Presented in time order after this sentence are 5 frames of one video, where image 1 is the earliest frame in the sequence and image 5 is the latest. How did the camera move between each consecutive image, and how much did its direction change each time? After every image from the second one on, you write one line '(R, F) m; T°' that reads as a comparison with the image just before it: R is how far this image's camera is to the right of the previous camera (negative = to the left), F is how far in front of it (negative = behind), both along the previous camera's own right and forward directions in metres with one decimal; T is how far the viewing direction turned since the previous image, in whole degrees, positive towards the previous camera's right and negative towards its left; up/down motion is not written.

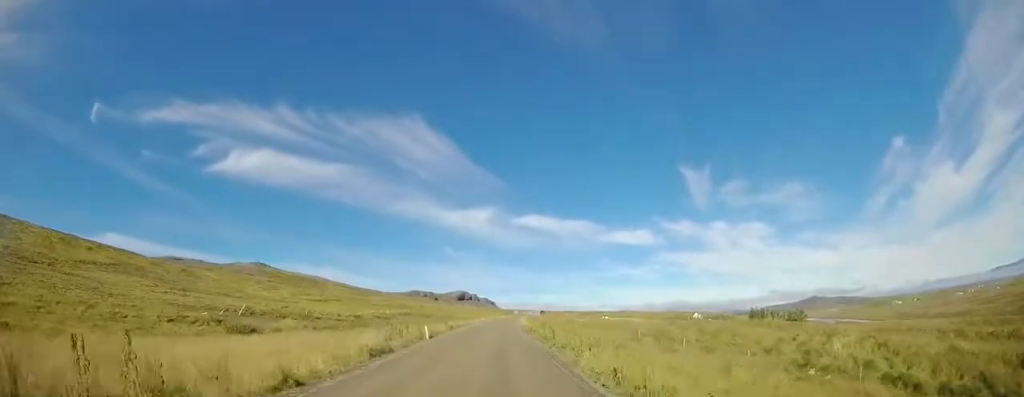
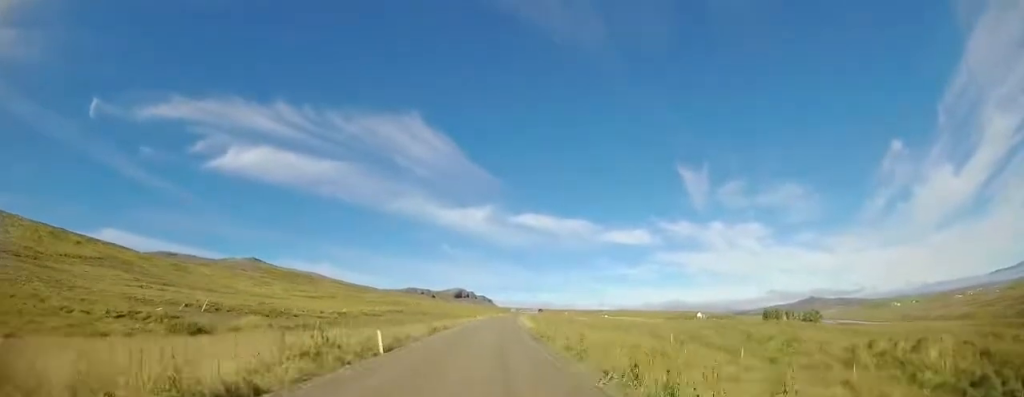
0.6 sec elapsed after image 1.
(+0.1, +8.4) m; +1°
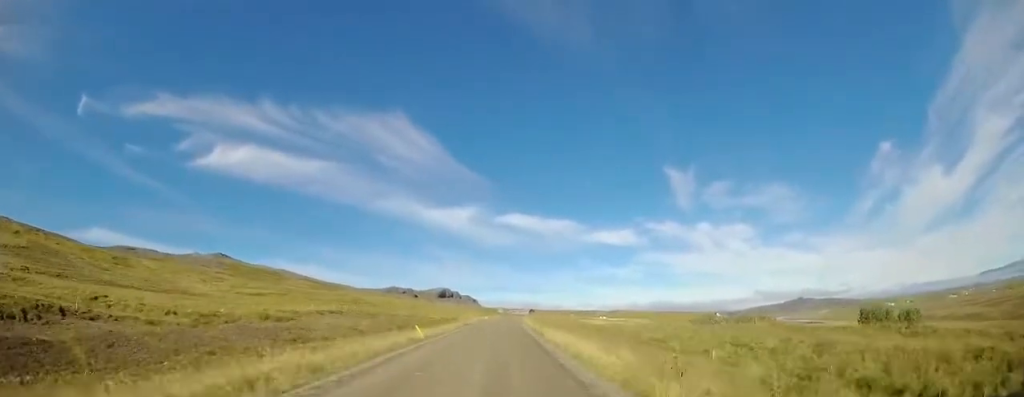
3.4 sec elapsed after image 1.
(+0.8, +40.5) m; +2°
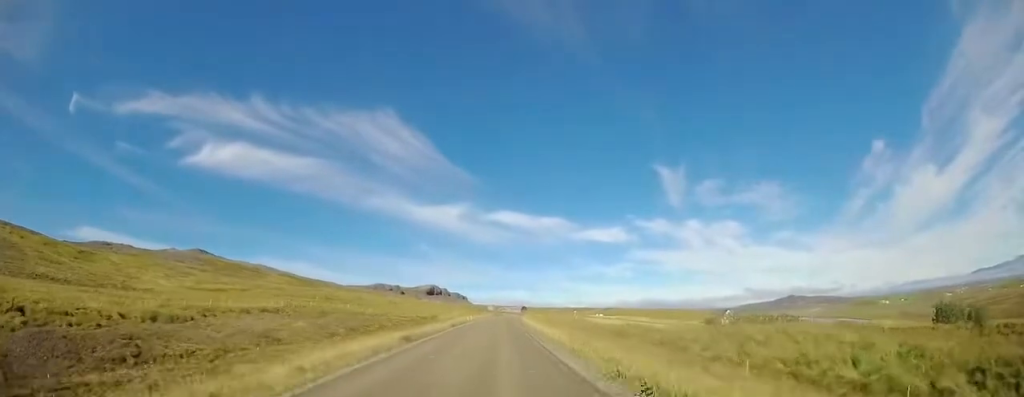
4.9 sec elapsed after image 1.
(+1.1, +22.4) m; +3°
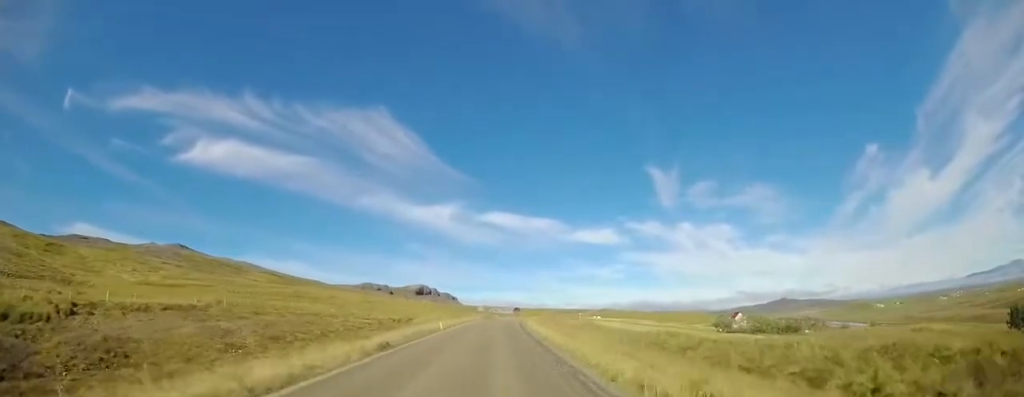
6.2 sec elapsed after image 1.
(-0.2, +19.8) m; -1°
★ ★ ★ ★
Your goal: For this exercise, transcribe the entries above exactly, without any pictures.

Problem solution:
Presented in time order after this sentence are 5 frames of one video, where image 1 is the earliest frame in the sequence and image 5 is the latest. How did the camera move between each consecutive image, and how much did its direction change each time? After every image from the second one on, you write one line '(R, F) m; T°' that reads as a comparison with the image just before it: R is how far this image's camera is to the right of the previous camera (negative = to the left), F is how far in front of it (negative = behind), both along the previous camera's own right and forward directions in metres with one decimal; T is how far the viewing direction turned since the previous image, in whole degrees, positive towards the previous camera's right and negative towards its left; up/down motion is not written.

0.6 sec elapsed after image 1.
(+0.1, +8.4) m; +1°
3.4 sec elapsed after image 1.
(+0.8, +40.5) m; +2°
4.9 sec elapsed after image 1.
(+1.1, +22.4) m; +3°
6.2 sec elapsed after image 1.
(-0.2, +19.8) m; -1°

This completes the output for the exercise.